Symptoms - Anorexia Nervosa:

  • Preoccupation with food (calorie counting), and weight (repeatedly checking weight)
  • Extreme weight loss with thin appearance
  • Complaining about being fat with frequent checking in the mirror for weight gain in spite of weight loss
  • Refusal to eat, skipping meals, making excuses for not eating, or refusing to eat in public
  • Eating only a few certain “safe” foods, usually those low in fat and calories
  • Denial of hunger
  • Adopting rigid meal or eating rituals, such as cutting food into tiny pieces or spitting food out after chewing
  • Excessive exercise
  • Flat or depressed mood, or lack of emotion
  • Social withdrawal
  • Irritability

Symptoms - Bulimia Nervosa:

  • Inability to control eating behavior
  • Eating until the point of discomfort or pain
  • Eating much more food at a time than in a normal meal or snack
  • Forcing yourself to vomit after eating
  • Preoccupation with body shape and weight
  • Going to the bathroom to vomit after eating or during meals
  • Exercising excessively
  • Using laxatives, diuretics or enemas to lose weight
  • Having a distorted, excessively negative body image


Medication: Antidepressants or other psychiatric medications can help control the obsessive preoccupation, and the associated depression, and help reduce the symptoms.

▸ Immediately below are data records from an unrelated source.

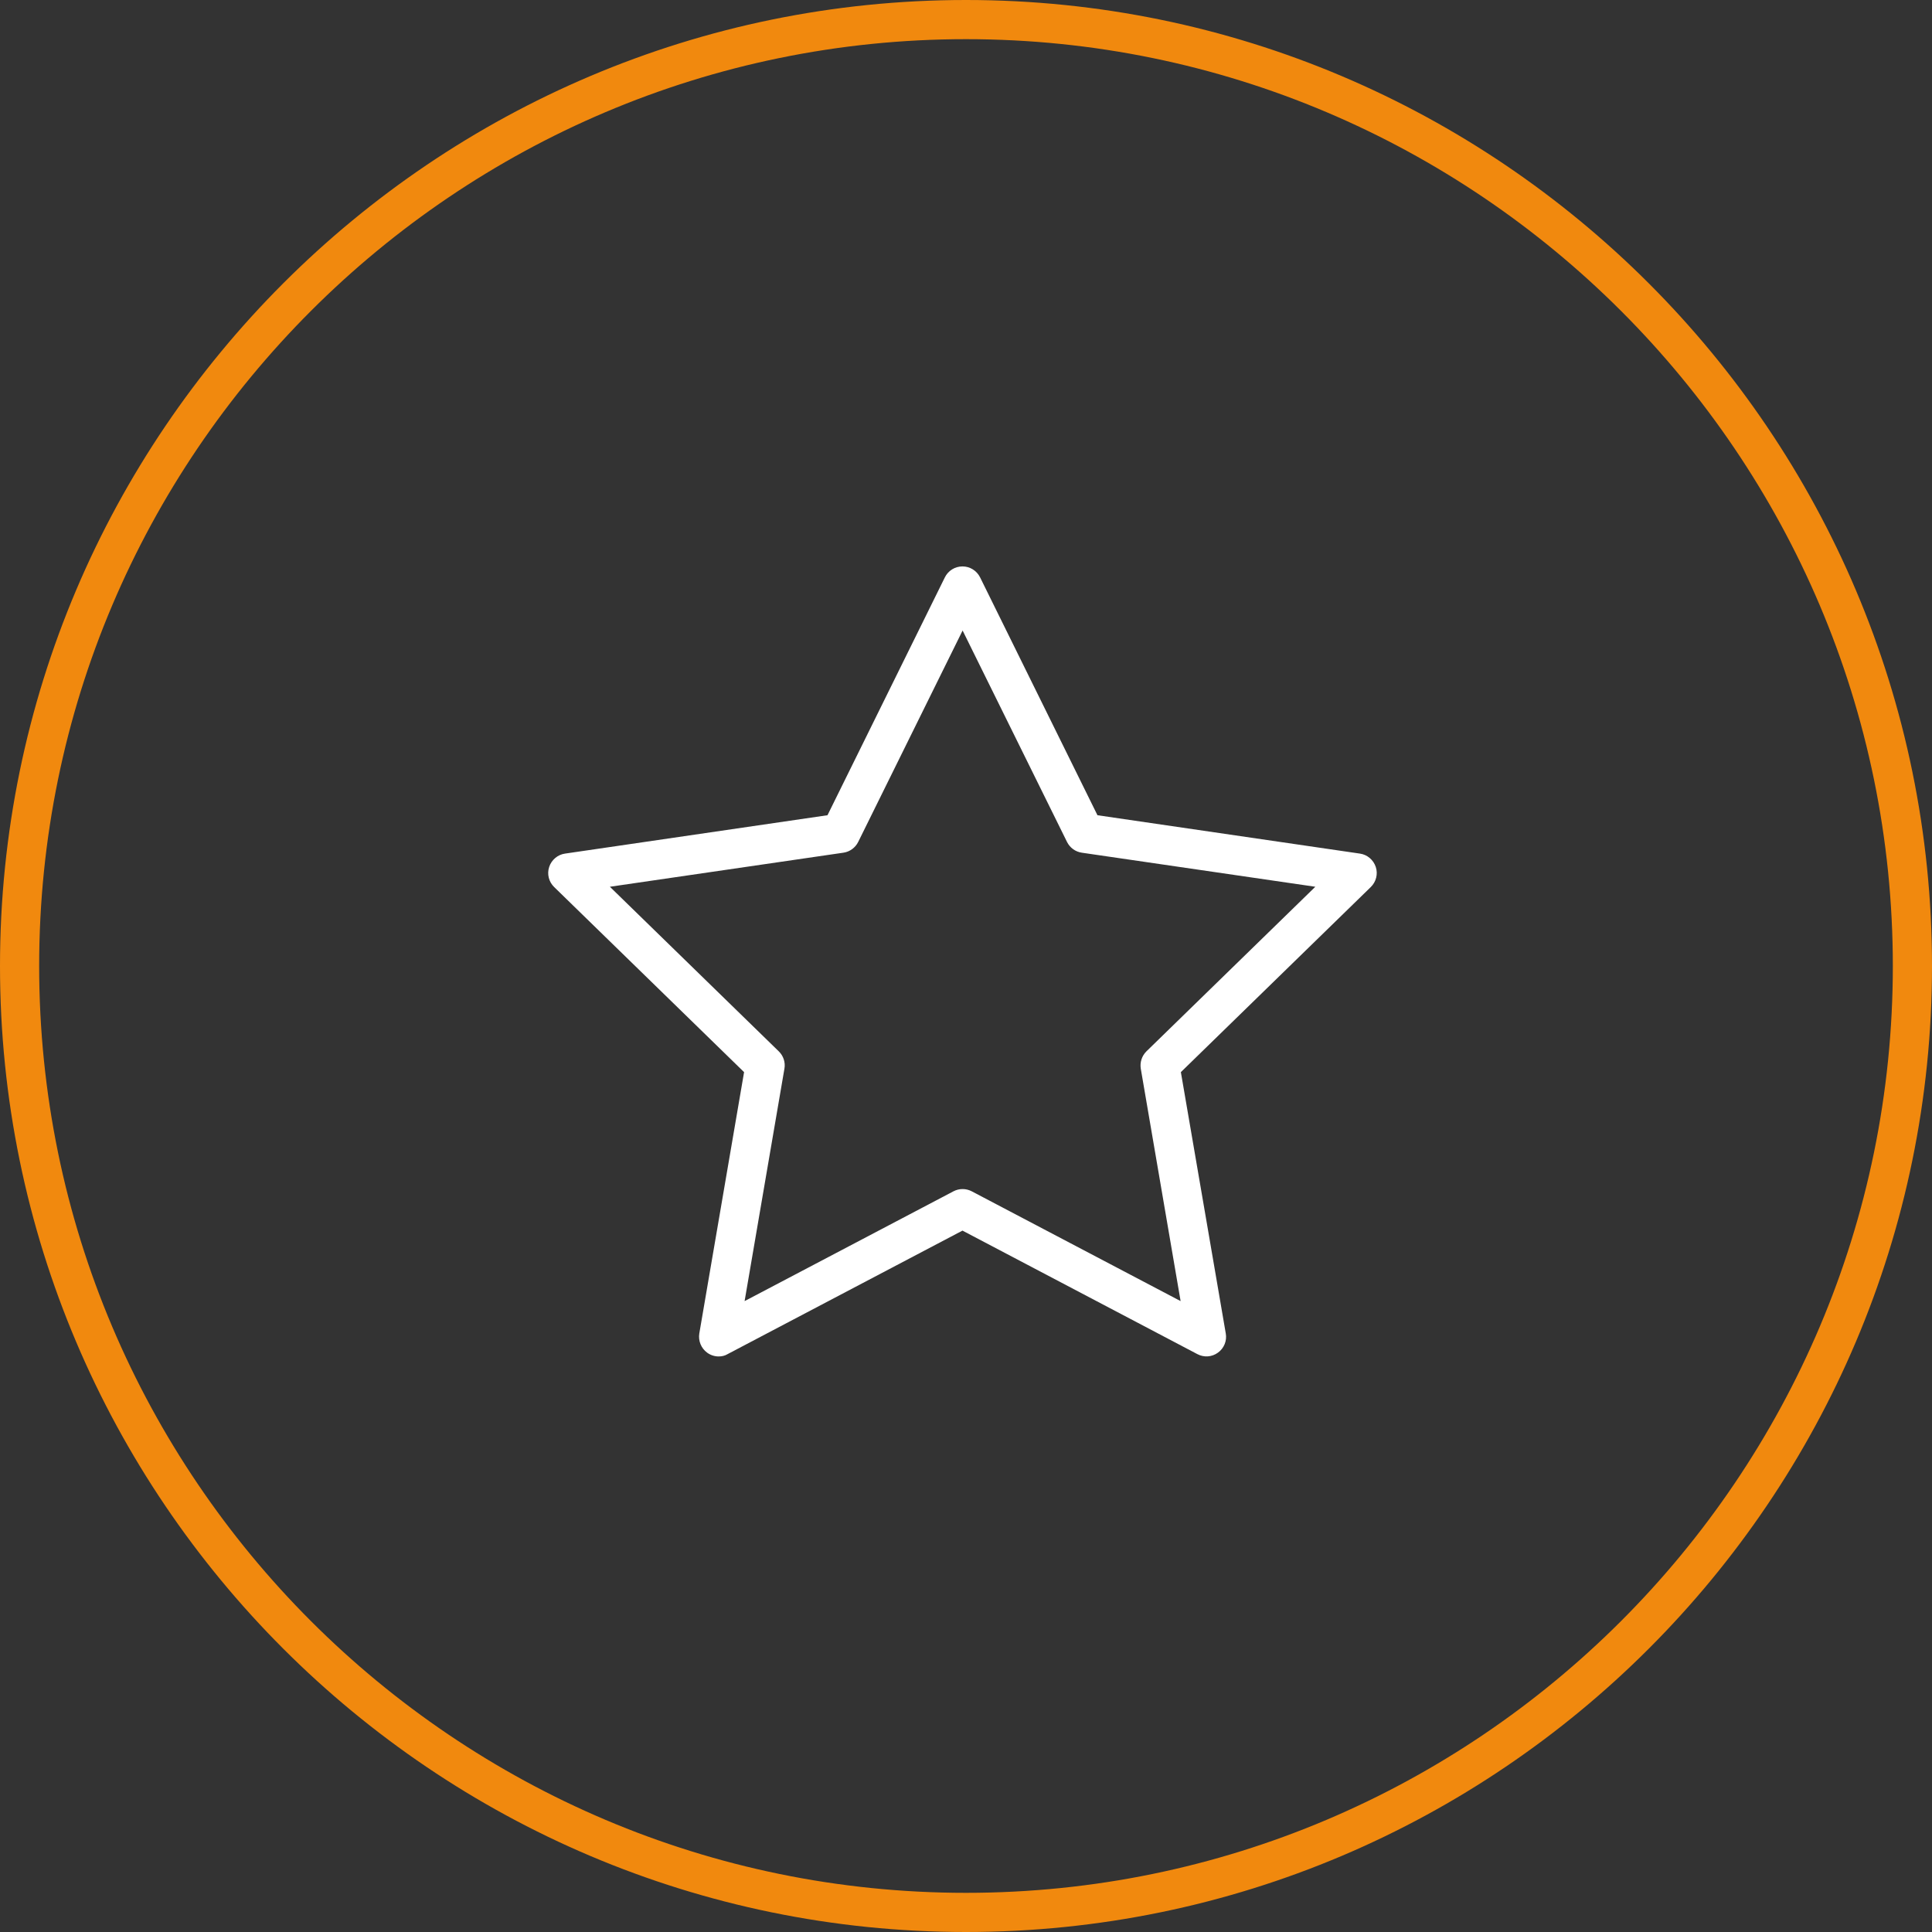 <?xml version="1.0" encoding="utf-8"?>
<!-- Generator: Adobe Illustrator 23.0.4, SVG Export Plug-In . SVG Version: 6.00 Build 0)  -->
<svg version="1.1" id="レイヤー_1" xmlns="http://www.w3.org/2000/svg" xmlns:xlink="http://www.w3.org/1999/xlink" x="0px"
	 y="0px" viewBox="0 0 148 148" style="enable-background:new 0 0 148 148;" xml:space="preserve">
<rect x="0" y="0" width="148" height="148" fill="#333333" stroke="none"/>
<style type="text/css">
	.st0{fill:none;}
	.st1{fill:#F1890E;}
	.st2{fill:#FFFFFF;}
</style>
<g id="グループ化_294" transform="translate(-893 -2290)">
	<g id="楕円形_75" transform="translate(893 2290)">
		<g>
			<circle class="st0" cx="74" cy="74" r="74"/>
		</g>
		<g>
			<path class="st1" d="M74,148c-40.8,0-74-33.2-74-74S33.2,0,74,0s74,33.2,74,74S114.8,148,74,148z M74,3C34.85,3,3,34.85,3,74
				s31.85,71,71,71s71-31.85,71-71S113.15,3,74,3z"/>
		</g>
	</g>
	<g id="star_1_">
		<path class="st2" d="M948.05,2393.91c-0.31,0-0.62-0.1-0.88-0.29c-0.46-0.34-0.69-0.9-0.6-1.47l3.43-20.02l-14.55-14.18
			c-0.41-0.4-0.56-0.99-0.38-1.54c0.18-0.54,0.65-0.94,1.21-1.02l20.11-2.94l8.99-18.22c0.25-0.51,0.77-0.84,1.35-0.84l0,0
			c0.57,0,1.09,0.32,1.35,0.84l8.99,18.22l20.11,2.94c0.56,0.08,1.03,0.48,1.21,1.02c0.18,0.54,0.03,1.14-0.38,1.54l-14.55,14.18
			l3.44,20.02c0.1,0.56-0.13,1.13-0.6,1.47s-1.07,0.38-1.58,0.11l-17.99-9.46l-17.99,9.46
			C948.53,2393.86,948.29,2393.91,948.05,2393.91z M939.72,2357.93l12.94,12.61c0.35,0.34,0.52,0.84,0.43,1.33l-3.05,17.8l16-8.41
			c0.44-0.23,0.96-0.23,1.4,0l16,8.41l-3.05-17.8c-0.08-0.49,0.08-0.98,0.43-1.33l12.94-12.61l-17.89-2.61
			c-0.49-0.07-0.91-0.38-1.13-0.82l-8-16.2l-8,16.2c-0.22,0.44-0.64,0.75-1.13,0.82L939.72,2357.93z"/>
	</g>
</g>
</svg>

Psycho-therapy: Talking through and challenging beliefs and thought patterns in a structured manner helps identify and recognize unhealthy, negative beliefs and behaviors and replace them with healthy, positive ones, gain a healthier self-esteem and learn positive ways to cope with distress and other strong feelings.

Weight restoration :
The first goal of treatment is to restore the person to a normal weight for height. This is done through nutrition education and  an eating plan that can help instill normal-eating habits and achieve a weight restoration goal.

evere forms of the disorder may require treatment in a hospital.